Work required:
Your answer must repeat all of the entries word for word, without any images.

== Records supplied

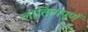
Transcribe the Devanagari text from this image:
लातित्यपूर्ण
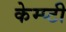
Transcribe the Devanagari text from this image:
केम्प्टी
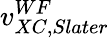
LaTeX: v_{XC,Slater}^{WF}
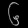
Digit: ၆
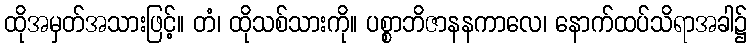
ထိုအမှတ်အသားဖြင့်။ တံ၊ ထိုသစ်သားကို။ ပစ္စာဘိဇာနနကာလေ၊ နောက်ထပ်သိရာအခါ၌
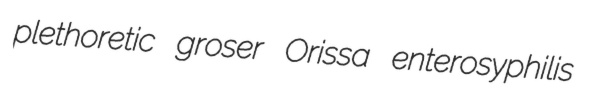
plethoretic groser Orissa enterosyphilis
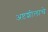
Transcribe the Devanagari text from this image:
अष्टशीलाचे
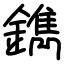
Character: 鐫
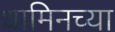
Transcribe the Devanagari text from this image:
थामिनच्या

====

Output below:
Transcribe the Devanagari text from this image:
लातित्यपूर्ण
Transcribe the Devanagari text from this image:
केम्प्टी
LaTeX: v_{XC,Slater}^{WF}
Digit: ၆
ထိုအမှတ်အသားဖြင့်။ တံ၊ ထိုသစ်သားကို။ ပစ္စာဘိဇာနနကာလေ၊ နောက်ထပ်သိရာအခါ၌
plethoretic groser Orissa enterosyphilis
Transcribe the Devanagari text from this image:
अष्टशीलाचे
Character: 鐫
Transcribe the Devanagari text from this image:
थामिनच्या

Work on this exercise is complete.